Working from the data below, write out exactly the lines from its first through the line that contains "the Piano |", both ends included and pictures omitted.
── DATA FOR THE TASK ──
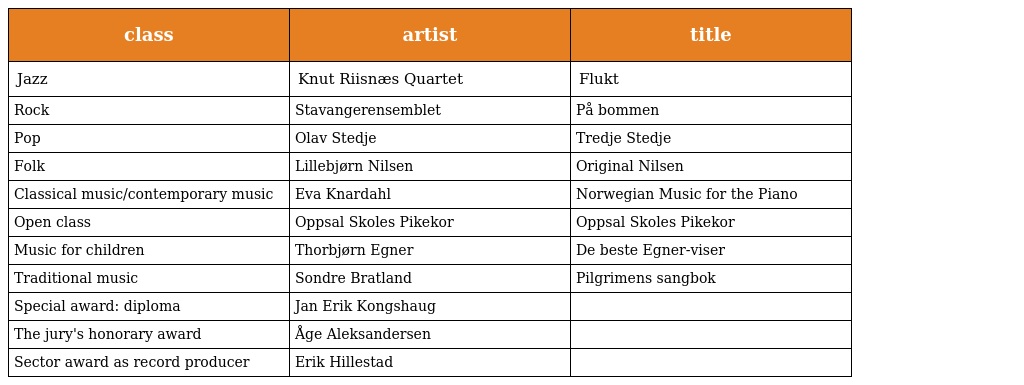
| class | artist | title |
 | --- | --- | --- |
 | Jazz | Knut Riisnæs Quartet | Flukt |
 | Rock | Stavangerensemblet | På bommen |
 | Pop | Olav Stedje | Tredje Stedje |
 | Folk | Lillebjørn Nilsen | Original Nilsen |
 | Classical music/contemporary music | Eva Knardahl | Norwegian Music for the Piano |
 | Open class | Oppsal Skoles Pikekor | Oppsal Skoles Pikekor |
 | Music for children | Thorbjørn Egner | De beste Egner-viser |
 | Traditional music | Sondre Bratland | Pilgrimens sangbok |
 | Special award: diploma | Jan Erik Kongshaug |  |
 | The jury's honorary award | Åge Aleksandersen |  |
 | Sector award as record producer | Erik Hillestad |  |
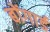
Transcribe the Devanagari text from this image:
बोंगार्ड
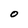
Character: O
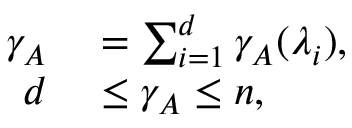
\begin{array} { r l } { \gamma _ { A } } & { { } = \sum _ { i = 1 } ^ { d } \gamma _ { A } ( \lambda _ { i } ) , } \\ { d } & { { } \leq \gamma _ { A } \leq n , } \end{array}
───
> _SOLUTION FOR THIS EXERCISE_:
| class | artist | title |
 | --- | --- | --- |
 | Jazz | Knut Riisnæs Quartet | Flukt |
 | Rock | Stavangerensemblet | På bommen |
 | Pop | Olav Stedje | Tredje Stedje |
 | Folk | Lillebjørn Nilsen | Original Nilsen |
 | Classical music/contemporary music | Eva Knardahl | Norwegian Music for the Piano |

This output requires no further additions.